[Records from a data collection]
▶
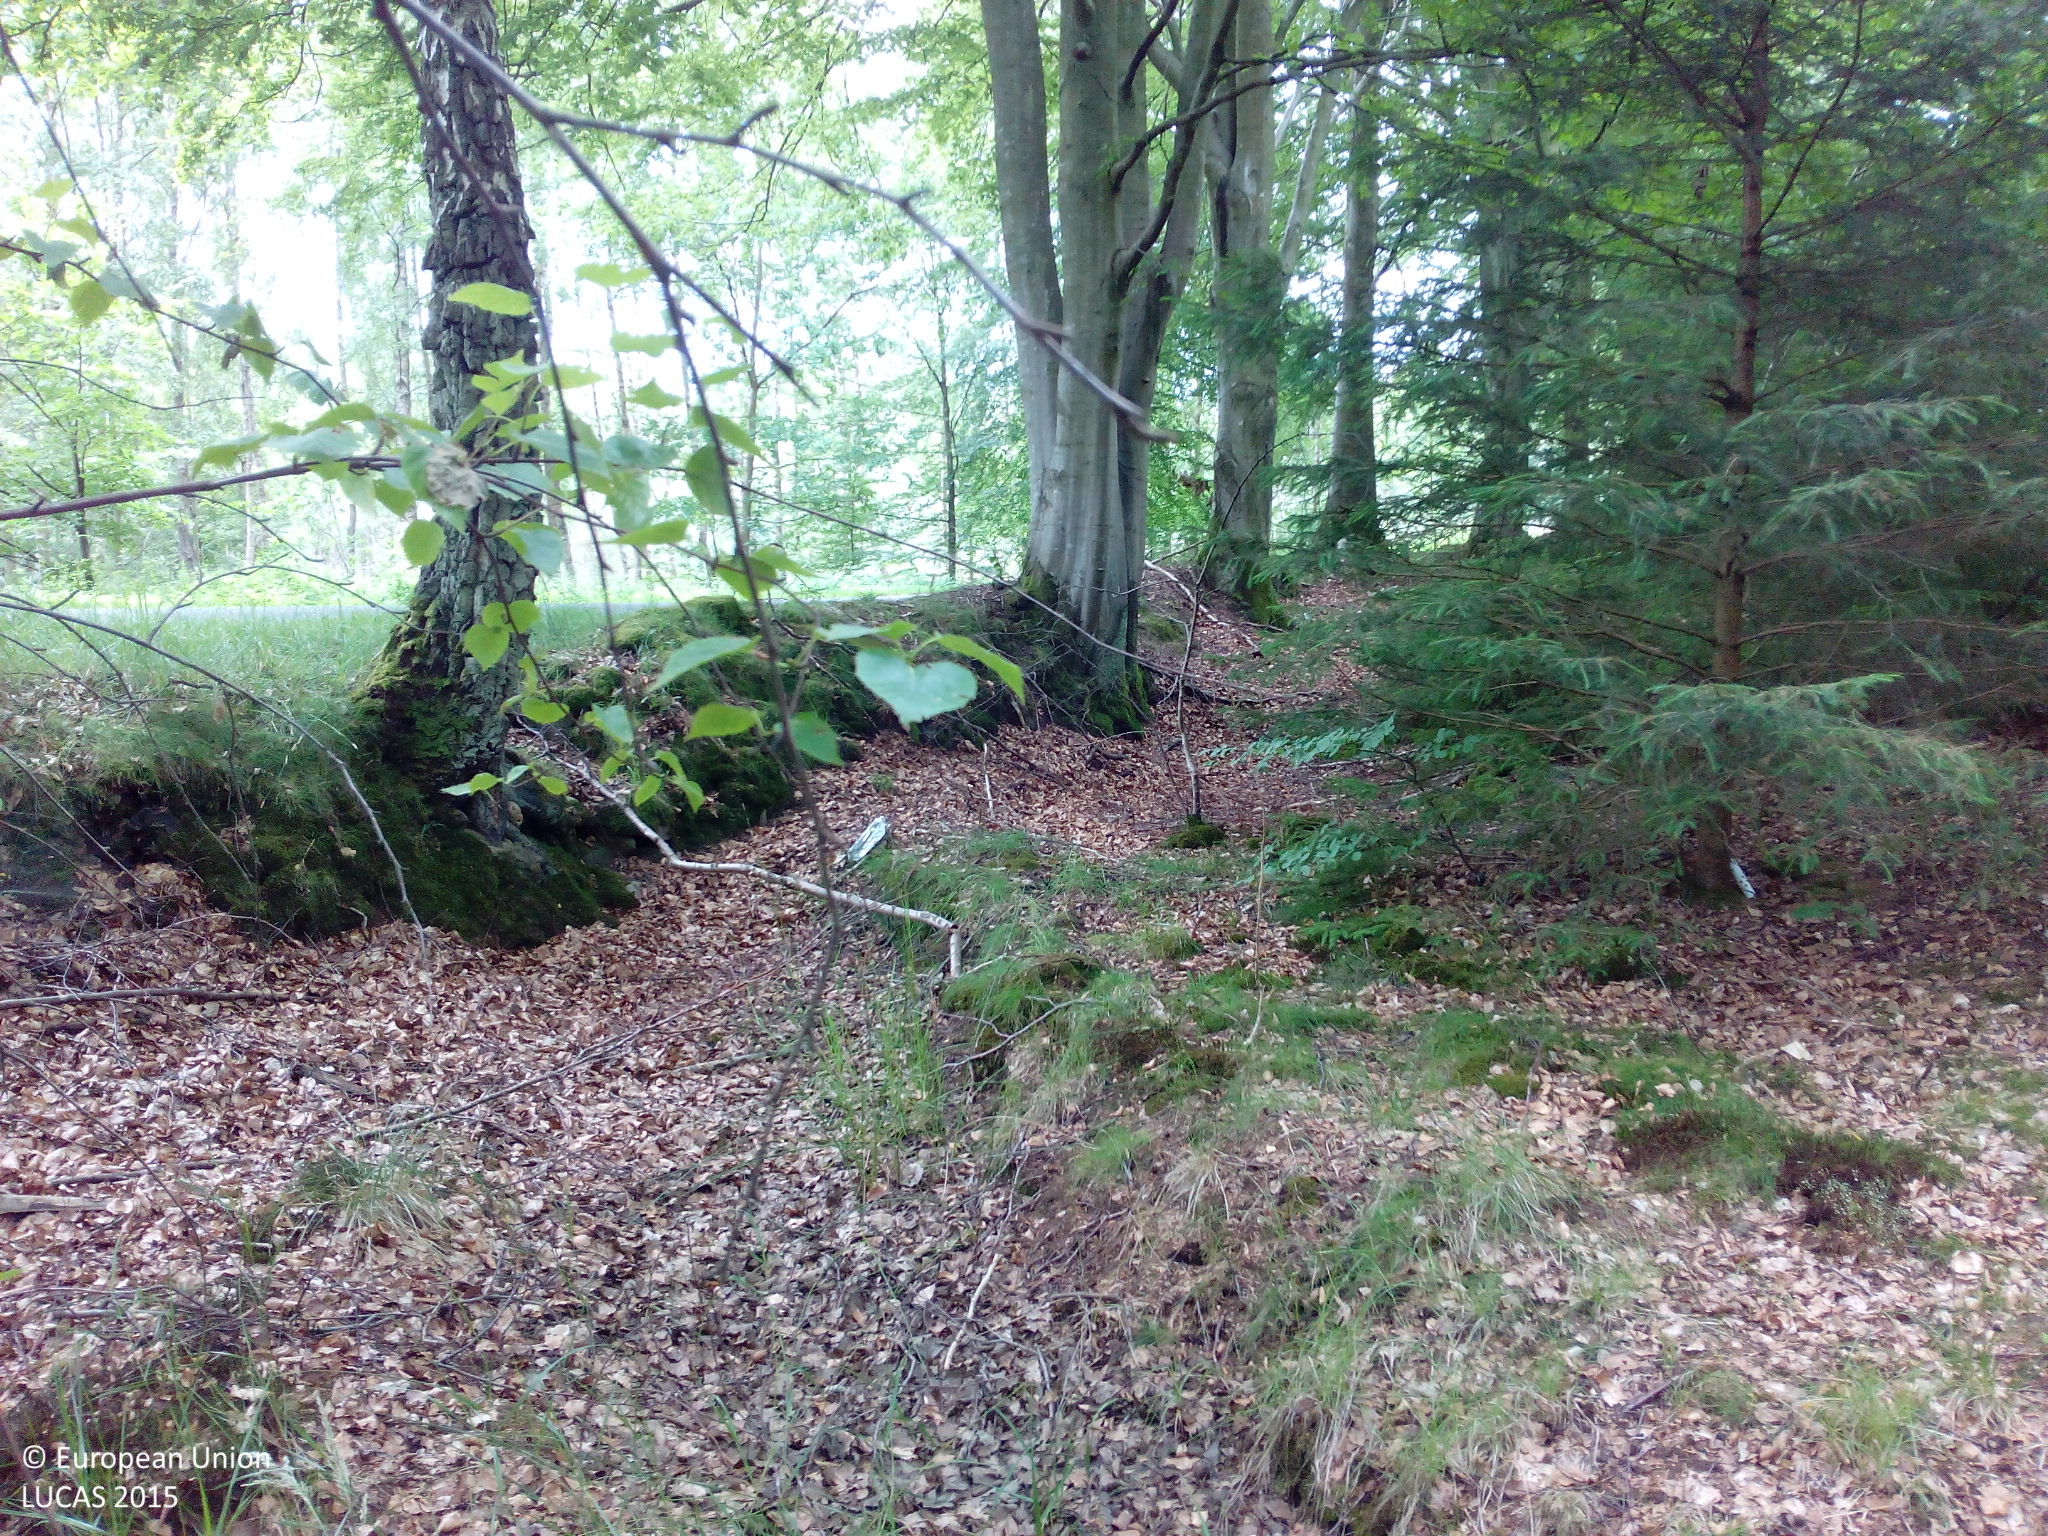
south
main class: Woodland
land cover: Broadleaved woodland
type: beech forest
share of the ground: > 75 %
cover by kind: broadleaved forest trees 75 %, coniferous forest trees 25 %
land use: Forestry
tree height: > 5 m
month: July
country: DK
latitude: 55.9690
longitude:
◀
Exercise description:
Your answer must be an exact repeat of the records above, with no pictures in it.

Your solution:
south
main class: Woodland
land cover: Broadleaved woodland
type: beech forest
share of the ground: > 75 %
cover by kind: broadleaved forest trees 75 %, coniferous forest trees 25 %
land use: Forestry
tree height: > 5 m
month: July
country: DK
latitude: 55.9690
longitude:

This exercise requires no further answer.